I had surgery yesterday
At 2.30 Nick and I arrived at the Harley Street Clinic. It is actually a whole bunch of Georgian Houses in Harley Street with the main hospital in Weymouth Street. A lot of the Georgian Houses seem to be connected by underground tunnels.
First, we went to see Mr Hadjiminas. Mr H injected me with some kind of tracer that will show him the way to the sentinel lymph node. I am learning lots of things in a very short time... We all have a series of lymph nodes under our arms. One of their jobs is to catch and filter out nasties from the lymph. The very first one that drains from one’s breast is called the sentinel node.
The latest fashion amongst breast surgeons is to remove the sentinel node and examine it to see if it contains any cancer cells. If the sentinel node is clear, then the cancer is unlikely to have spread any further. Hence it will not be necessary to remove all the other lymph nodes. And if the cancer has not spread, there is no need for chemotherapy.
Next, we went down into the labyrinthine basement for an ultrasound scan. I changed into the standard issue blue patterned back fastening robe and gown monogrammed with HSC. Fabulous with a pair of Marc Jacobs pumps. I guess they monogram the gowns so that, if one absent-mindedly wanders off into the West End, the staff at Selfridges will know where to return one to.
As we sat in the tiny waiting area we heard a most distressing wailing and crying coming from the ultrasound room. Nick and I looked at each other in alarm. Then a young woman and her husband appeared. She was clearly about eight months pregnant and her eyes were wet with tears. She sat down and stared at the floor whilst her husband held her hand. I was horrified to even imagine what terrible news they had just received. I wanted to say something or to give her a hug but it felt too intrusive. I tried some empathetic glances but could not catch her eye. We all sat silently in the tiny waiting area together, then my name was called.
Another jolly female doctor applied the goo and then the scanner head, searching for my sentinel node. We pointedly avoided mentioning the previous occupant of the couch. By way of making conversation the doctor asked me who my surgeon is, although the answer was right there in my notes. “Mr Hadjiminas” I replied. “You’re lucky” she said. “If I had to have breast surgery I would definitely want him to do it.” I can’t tell you how comforted I was by that remark.
Scan done, I dressed and we were shown through the subterranean corridors to a lift.

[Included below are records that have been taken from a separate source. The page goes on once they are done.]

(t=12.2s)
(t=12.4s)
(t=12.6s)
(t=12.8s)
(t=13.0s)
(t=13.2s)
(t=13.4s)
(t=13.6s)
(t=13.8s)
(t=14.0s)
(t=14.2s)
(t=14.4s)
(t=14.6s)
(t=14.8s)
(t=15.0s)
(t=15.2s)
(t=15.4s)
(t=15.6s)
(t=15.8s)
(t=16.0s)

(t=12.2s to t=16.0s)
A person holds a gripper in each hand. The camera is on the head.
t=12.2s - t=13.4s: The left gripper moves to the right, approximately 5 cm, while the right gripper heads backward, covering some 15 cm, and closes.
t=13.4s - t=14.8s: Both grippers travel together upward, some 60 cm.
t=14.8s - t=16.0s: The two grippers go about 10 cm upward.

It brought us out into the main hospital reception area. I booked in and we sat down to await a porter. My mind returned to the pregnant lady. No matter what one is facing, there is always somebody worse off. “Did you happen to find out what was the matter with that poor lady?” I asked Nick. “Oh yes,” he replied in a cheerful tone, “she just found out she is having a baby. She had thought that she had a growth in her stomach. She was crying and wailing with joy.”

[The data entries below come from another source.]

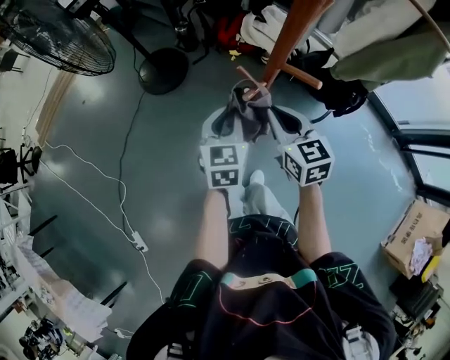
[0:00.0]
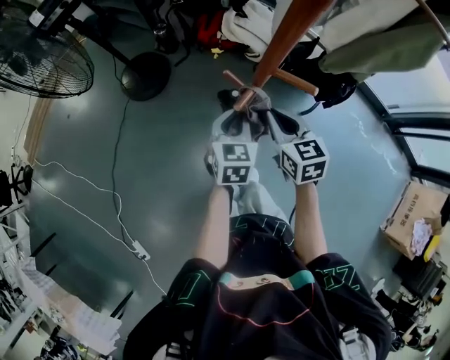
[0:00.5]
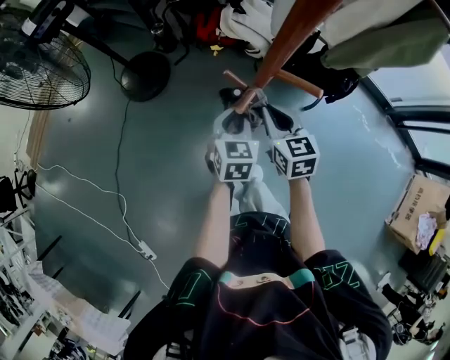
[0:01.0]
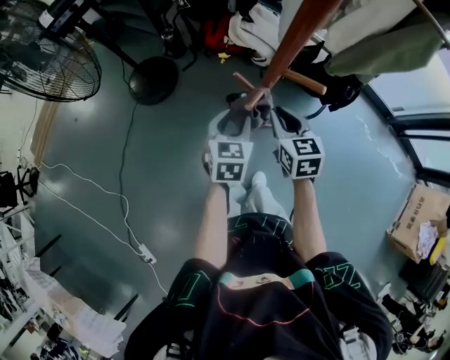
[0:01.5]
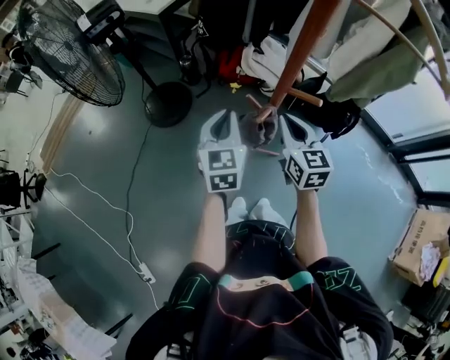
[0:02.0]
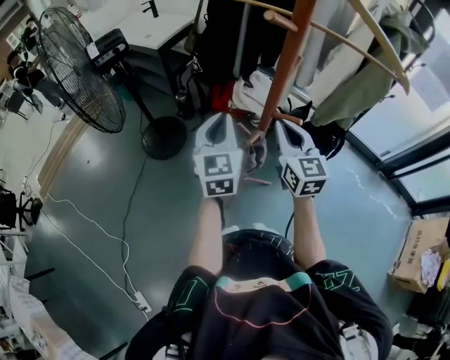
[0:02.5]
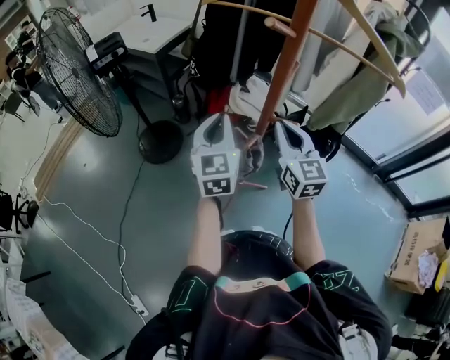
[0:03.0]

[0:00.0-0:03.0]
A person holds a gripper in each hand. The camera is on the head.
0:00.0 to 0:01.5: The right gripper goes about 5 cm downward, while the left gripper opens its fingers.
0:01.5 to 0:03.0: The grippers both shift upward by some 20 cm. The left gripper rotates approximately 30 degrees, and closes. The right gripper swivels about 30 degrees.

The porter escorted us upstairs to a room. This was unlike any hospital room I had ever previously experienced. It was sunny and light with big windows. On the bed were slippers, a pair of paper knickers, a robe and a pair of pressure stockings. There were menu cards to be filled in. The bathroom was stocked with white towels and mini toiletries. It was like a very clean hotel room. And there was only one occupant – me!
Exploring the room and changing into the kit helped to keep my mind occupied. We ordered tea for Nick and switched the telly on. A nurse came in to do my observations. She swabbed my nostrils to test for MRSA. It is the policy of this hospital to test everyone on admission. If they find the super-bug up one’s nose they will either defer one’s admission or, if that is not possible, treat one in an isolation unit. Why don’t all hospitals do this?
Before we knew it, Mr Hadjiminas had arrived. One thing I’ve noticed about Mr H is that he loves getting me to take my top off. I stripped to the waist. Mr H produced a big black felt-tip pen and marked a circle on my left breast around the area where the MRI scan had shown the tumours to be. Then he drew a huge black arrow from my shoulder pointing to my breast. I looked at him quizzically. “They won’t let you into theatre without that” he said. It may have looked comical but I was greatly reassured by the thoroughness of the procedures here.
Soon, a very professional theatre nurse came to take me ‘downstairs.’ We waved goodbye to Nick as the lift doors close. I was trying to be all light hearted and cheerful but I felt sick. Then we were back in the underground corridors. As I walked with the nurse in my gown and slippers scenes of final walks in those death row movies came to mind. The Green Mile for example. Except, I reminded myself, this was a walk to save my life.